Three years after it entered into a federal consent decree, the Baltimore Police Department is close to implementing its own version of EPIC training.
In collaboration with the U.S. Department of Justice, the department will soon release draft training documents for public comment, said Danny Murphy, deputy commissioner of the Compliance Bureau at the Baltimore Police Department.
Murphy, who was the deputy superintendent of the New Orleans Police Department from 2016 until 2019, has seen how that training can change law enforcement culture.
“This moment speaks to the necessity of EPIC training,” he said. “I really don’t think it’s an option at this point. We need to train our officers how to intervene to prevent such tragedies from happening. Failure to intervene is profoundly damaging in so many ways.”
Police train to be ‘social workers of last resort’
In addition to the Washington state and Northern Virginia training academies, Aronie, the federal monitor in New Orleans, has helped instruct leaders from police departments in Charleston, South Carolina; Muscatine, Iowa; Washington, D.C., and elsewhere. He also received recent requests for instruction from West Virginia and New York state.
Law enforcement officials, he said, are interested in how the training improved the New Orleans Police Department.
Federal monitors, police leadership and civil rights advocates agree that there has been a culture shift within the department. A January federal monitor report said there has been “remarkable progress over the last few years.”
While it is not possible to scientifically measure how well this training is working in New Orleans, said Ted Quant, a longtime New Orleans civil rights leader, the work there is laudable. How can misconduct that didn’t happen be measured, he asks?
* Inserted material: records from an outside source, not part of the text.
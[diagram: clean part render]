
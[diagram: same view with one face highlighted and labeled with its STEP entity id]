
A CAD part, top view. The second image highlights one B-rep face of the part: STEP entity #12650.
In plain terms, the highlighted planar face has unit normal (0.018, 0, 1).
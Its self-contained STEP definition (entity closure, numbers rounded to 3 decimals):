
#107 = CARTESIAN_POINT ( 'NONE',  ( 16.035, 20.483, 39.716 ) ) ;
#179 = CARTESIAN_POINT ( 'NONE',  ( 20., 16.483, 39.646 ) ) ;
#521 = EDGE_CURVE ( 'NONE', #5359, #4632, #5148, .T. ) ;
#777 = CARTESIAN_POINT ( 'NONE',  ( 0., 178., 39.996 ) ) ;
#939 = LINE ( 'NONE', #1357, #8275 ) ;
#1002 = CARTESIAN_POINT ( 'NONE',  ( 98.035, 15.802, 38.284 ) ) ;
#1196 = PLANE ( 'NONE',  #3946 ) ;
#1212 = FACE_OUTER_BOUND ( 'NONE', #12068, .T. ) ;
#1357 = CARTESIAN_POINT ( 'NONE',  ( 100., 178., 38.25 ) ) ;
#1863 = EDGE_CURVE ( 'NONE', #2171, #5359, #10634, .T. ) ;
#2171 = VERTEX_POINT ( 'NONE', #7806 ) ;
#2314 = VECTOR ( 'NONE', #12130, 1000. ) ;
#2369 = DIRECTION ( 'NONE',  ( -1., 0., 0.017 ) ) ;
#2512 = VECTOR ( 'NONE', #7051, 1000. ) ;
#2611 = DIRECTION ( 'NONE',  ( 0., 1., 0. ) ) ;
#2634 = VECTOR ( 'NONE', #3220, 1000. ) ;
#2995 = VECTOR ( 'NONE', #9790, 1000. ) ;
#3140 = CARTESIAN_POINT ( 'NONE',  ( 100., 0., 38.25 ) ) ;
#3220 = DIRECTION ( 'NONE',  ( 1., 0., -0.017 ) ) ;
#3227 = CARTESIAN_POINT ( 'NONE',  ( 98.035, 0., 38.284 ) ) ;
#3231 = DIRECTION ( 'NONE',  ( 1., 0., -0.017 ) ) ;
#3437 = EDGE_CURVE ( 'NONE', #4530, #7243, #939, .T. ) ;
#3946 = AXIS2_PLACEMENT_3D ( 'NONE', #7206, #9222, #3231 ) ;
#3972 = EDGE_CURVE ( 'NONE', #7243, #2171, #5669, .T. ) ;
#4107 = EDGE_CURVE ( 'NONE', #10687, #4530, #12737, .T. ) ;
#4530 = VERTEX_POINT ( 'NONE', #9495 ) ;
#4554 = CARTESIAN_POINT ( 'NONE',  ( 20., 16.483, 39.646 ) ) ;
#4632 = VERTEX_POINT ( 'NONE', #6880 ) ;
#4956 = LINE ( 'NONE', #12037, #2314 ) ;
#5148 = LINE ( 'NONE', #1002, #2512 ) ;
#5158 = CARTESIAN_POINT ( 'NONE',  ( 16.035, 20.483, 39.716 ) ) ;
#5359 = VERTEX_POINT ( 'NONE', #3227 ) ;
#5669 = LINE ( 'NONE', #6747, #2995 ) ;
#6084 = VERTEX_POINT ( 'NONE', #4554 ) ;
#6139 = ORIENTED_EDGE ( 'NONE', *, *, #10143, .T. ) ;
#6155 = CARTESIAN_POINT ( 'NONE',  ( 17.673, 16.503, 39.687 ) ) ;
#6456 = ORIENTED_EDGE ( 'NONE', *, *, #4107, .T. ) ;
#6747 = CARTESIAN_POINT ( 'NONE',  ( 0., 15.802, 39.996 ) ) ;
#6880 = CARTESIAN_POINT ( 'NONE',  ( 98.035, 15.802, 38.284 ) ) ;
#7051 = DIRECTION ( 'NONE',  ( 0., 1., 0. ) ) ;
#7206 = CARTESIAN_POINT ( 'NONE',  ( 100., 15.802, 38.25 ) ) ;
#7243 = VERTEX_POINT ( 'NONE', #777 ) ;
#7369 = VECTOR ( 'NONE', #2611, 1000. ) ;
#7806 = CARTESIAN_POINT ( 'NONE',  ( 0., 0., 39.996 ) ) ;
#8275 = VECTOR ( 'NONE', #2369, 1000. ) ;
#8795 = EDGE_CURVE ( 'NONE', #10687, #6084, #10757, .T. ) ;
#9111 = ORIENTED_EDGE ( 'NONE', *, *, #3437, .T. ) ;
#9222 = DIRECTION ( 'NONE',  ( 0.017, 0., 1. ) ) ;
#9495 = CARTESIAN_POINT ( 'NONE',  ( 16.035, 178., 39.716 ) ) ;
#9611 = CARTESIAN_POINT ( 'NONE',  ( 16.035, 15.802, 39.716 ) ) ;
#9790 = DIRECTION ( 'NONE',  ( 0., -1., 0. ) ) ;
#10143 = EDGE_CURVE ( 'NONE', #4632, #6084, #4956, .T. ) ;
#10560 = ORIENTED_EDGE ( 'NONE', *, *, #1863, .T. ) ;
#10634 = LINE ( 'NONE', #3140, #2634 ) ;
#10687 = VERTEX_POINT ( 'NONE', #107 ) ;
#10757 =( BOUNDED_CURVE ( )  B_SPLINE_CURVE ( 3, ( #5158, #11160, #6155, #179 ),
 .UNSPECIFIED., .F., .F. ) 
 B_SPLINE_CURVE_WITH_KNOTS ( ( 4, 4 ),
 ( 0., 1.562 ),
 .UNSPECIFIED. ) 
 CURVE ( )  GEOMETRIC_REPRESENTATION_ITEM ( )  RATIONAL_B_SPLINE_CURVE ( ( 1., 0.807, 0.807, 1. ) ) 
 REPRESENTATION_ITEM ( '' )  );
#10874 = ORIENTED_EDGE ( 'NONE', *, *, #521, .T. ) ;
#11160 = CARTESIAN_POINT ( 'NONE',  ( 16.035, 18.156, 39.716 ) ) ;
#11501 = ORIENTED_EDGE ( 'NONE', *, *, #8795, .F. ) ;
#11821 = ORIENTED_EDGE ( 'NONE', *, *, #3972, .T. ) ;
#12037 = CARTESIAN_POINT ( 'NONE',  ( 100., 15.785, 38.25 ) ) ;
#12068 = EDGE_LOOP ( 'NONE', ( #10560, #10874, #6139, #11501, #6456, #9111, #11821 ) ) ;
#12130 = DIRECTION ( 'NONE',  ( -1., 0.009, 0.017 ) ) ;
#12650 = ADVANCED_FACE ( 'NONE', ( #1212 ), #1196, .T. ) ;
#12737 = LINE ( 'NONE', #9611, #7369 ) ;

Before this training existed, Quant, the former director of the Twomey Center for Peace through Justice at Loyola University, said he witnessed police be punished for attempting to stop fellow officers from using excessive force. He has advocated for peer intervention since the 1980s.
It took decades, a federal consent decree and massive departmental firings to bring peer intervention to New Orleans, he said. “The police department is invested in creating a new culture. You can’t enforce the law if people don’t respect you.”
Progress in New Orleans is in public view now, as peaceful protesters have flooded the streets.
While protests have turned violent in some cities, Police Chief Shaun Ferguson this week said New Orleans has been a “beacon of light on how to voice concerns without nonsense.”
Except for a few agitators, Ferguson said, protests have been nonviolent. New Orleans police displayed solidarity this week when they knelt with protesters on a highway.
This week, however, New Orleans police tear-gassed protesters to keep them off a major bridge. Officials say police gave demonstrators several opportunities to turn around. Ferguson said officers did not attack peaceful protesters, but those “who chose to use force.” The Louisiana chapter of the American Civil Liberties Union said they were “horrified” by that night’s police action.
As protests broke out after Floyd’s death, Ferguson sent an email to his colleagues last weekend, reminding them of their peer intervention training.
“When you intervene,” he wrote, “you have the ability to potentially save a life and a career.”